The West without Water

What Past Floods, Droughts, and Other Climatic Clues Tell Us About Tomorrow


By B. Lynn Ingram, Frances Malamud-Roam

UNIVERSITY OF CALIFORNIA PRESS

Copyright © 2013 The Regents of the University of California
All rights reserved.
ISBN: 978-0-520-95480-9



CHAPTER 1

From Drought to Deluge

"NORMAL" CLIMATE IN THE WEST

And it never failed that during the dry years the people forgot about the rich years, and during the wet years they lost all memory of the dry years. It was always that way.

JOHN STEINBECK, East of Eden


HUMANS TEND TO PERCEIVE CLIMATE AS A FORCE of nature, one to be measured, classified, and ultimately conquered. John Steinbeck's quote speaks to another human characteristic: the tendency to forget. This seems especially true when it comes to the periods of wet and dry over the past century or so in the American West.

Perhaps, however, we can be sympathetic to this tendency when we realize that to "measure the climate" at any given point is really a measurement of the current weather. To understand complex climatic patterns requires a much longer timescale. Thus, in our lifetimes, we experience only a small sampling of climate effects—not the full range—in the West. Imagine a performance of a Beethoven symphony with only the first chords, played over and over again. If that were all we heard of the symphony, we would believe it was beautiful—but simple. We could hum along and predict what would come after the initial chord sequence. However, as we know, Beethoven wrote complex and intricate symphonies, often full of surprises. These may be pleasurable in musical compositions, but surprises in climate can have catastrophic results for societies. We can remove the element of surprise by understanding as much about our climate as possible.

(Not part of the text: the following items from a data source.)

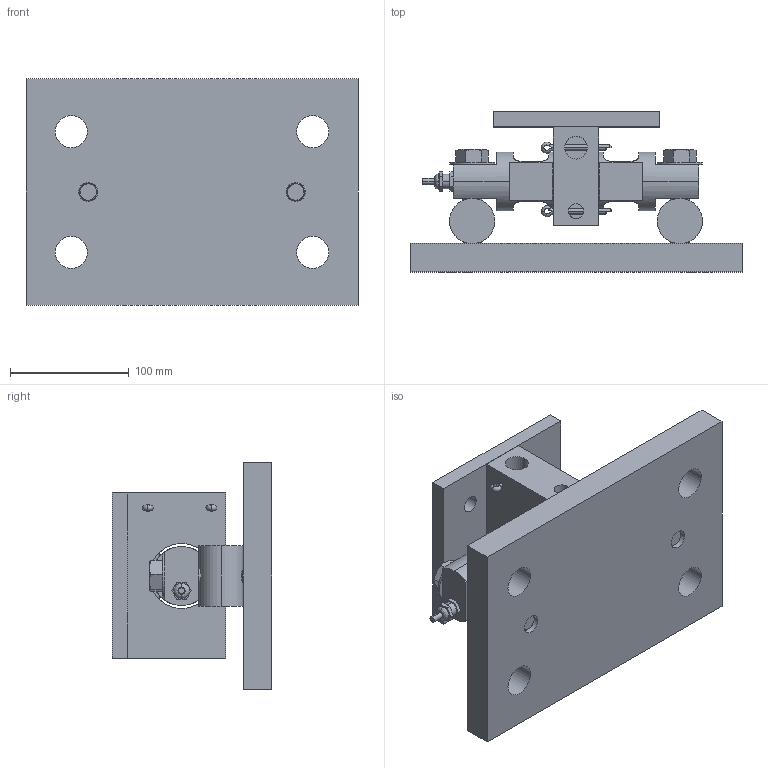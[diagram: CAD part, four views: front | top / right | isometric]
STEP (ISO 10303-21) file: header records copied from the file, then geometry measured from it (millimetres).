
FILE_DESCRIPTION (( 'STEP AP203' ), '1' );
FILE_NAME ('102DSM3-(5-20)kLB.STEP', '2024-11-18T23:30:52', ( '' ), ( '' ), 'SwSTEP 2.0', 'SolidWorks 2023', '' );
FILE_SCHEMA (( 'CONFIG_CONTROL_DESIGN' ));
Length unit declared in the file: millimetre
Products named in the file (14): 102DS-(5-20)klb.step; 102DS-(5-20)klb v2.step; 92141A035_18-8 Stainless Steel Washer.step; 98350A475_Cotter Pin.step; plate 1^102DSM3-(5-20)kLB; 91257A828_Zinc Yellow-Chromate Plated Hex Head Screw.step; pin 1^102DSM3-(5-20)kLB; Part33^102DSM3-(5-20)kLB; plate 2^102DSM3-(5-20)kLB; pin 2^102DSM3-(5-20)kLB; round base^102DSM3-(5-20)kLB; 102DSM3-(5-20)kLB; 102DS-(5-20)klb v2; Connector.step
Assembly tree (16 placements, depth 4):
  102DSM3-(5-20)kLB
    plate 2^102DSM3-(5-20)kLB
    round base^102DSM3-(5-20)kLB
    plate 1^102DSM3-(5-20)kLB
    Part33^102DSM3-(5-20)kLB
    91257A828_Zinc Yellow-Chromate Plated Hex Head Screw.step  x2
    92141A035_18-8 Stainless Steel Washer.step  x2
    98350A475_Cotter Pin.step  x2
    pin 1^102DSM3-(5-20)kLB
    pin 2^102DSM3-(5-20)kLB
    102DS-(5-20)klb v2
      102DS-(5-20)klb v2.step
        Connector.step
        102DS-(5-20)klb.step
Bounding box: 279.4 x 134.6 x 190.5 mm (x, y, z)
Volume: 2247847.3 mm3; surface area: 322724.9 mm2
Topology: 15 solids, 15 shells, 440 faces, 1116 edges, 725 vertices
Faces by surface type: cylinder 231, plane 147, cone 30, torus 24, bspline 8
Entity records: 16351 total; most frequent: CARTESIAN_POINT 7716, ORIENTED_EDGE 1508, DIRECTION 1458, EDGE_CURVE 754, AXIS2_PLACEMENT_3D 555, VERTEX_POINT 492, EDGE_LOOP 354, VECTOR 348

In this book, we focus primarily on those aspects of climate that have an impact on water resources in the West. To further our understanding of those resources, imagine "flying over" North America using Google Earth. Traveling from east to west, we see obvious contrasts: shades of green that dominate the eastern portion of the country abruptly give way to vast areas of brown, tan, and yellow. The color contrasts are due, of course, to moisture differences. The humid East supports more forests and, moving westward, wide prairies. Western North America is more constrained by water availability, especially in the southwestern deserts.

If we zoom in a bit closer and fly across this western region from west to east, we begin to see a relationship between the lay of the land and the colors of the land—a relationship that is largely based on water. Passing above the Pacific coast, we observe mountains, especially along the northern coastline, with lush rainforests that give way quickly to grasslands and then to deserts. Within this region, it is clear where the water falls: the Pacific Northwest and Northern California appear deep green, as does the central and southern Sierra Nevada mountain range (see figure 2). Much of Southern California and the states of Nevada, Utah, Arizona, and New Mexico appear in varying shades of brown, tan, and red, reflecting the vegetation and the composition of the soils—both related in large part to the lower amounts of rain and snow that fall there each year (see figure 3).

Precipitation over the American West is spatially irregular because it depends on the complex behavior of the Pacific Ocean and its exchange of water and energy with the atmosphere. The atmosphere receives moisture from the ocean through the process of evaporation, and some of that moisture is eventually carried away from the ocean and delivered on the continent as rain or snow. Just how and when that evaporated seawater drops as rain or snow over the West depends on the patterns of ocean currents and atmospheric winds and on the interaction of moisture-laden air with the landscape as it advances inland.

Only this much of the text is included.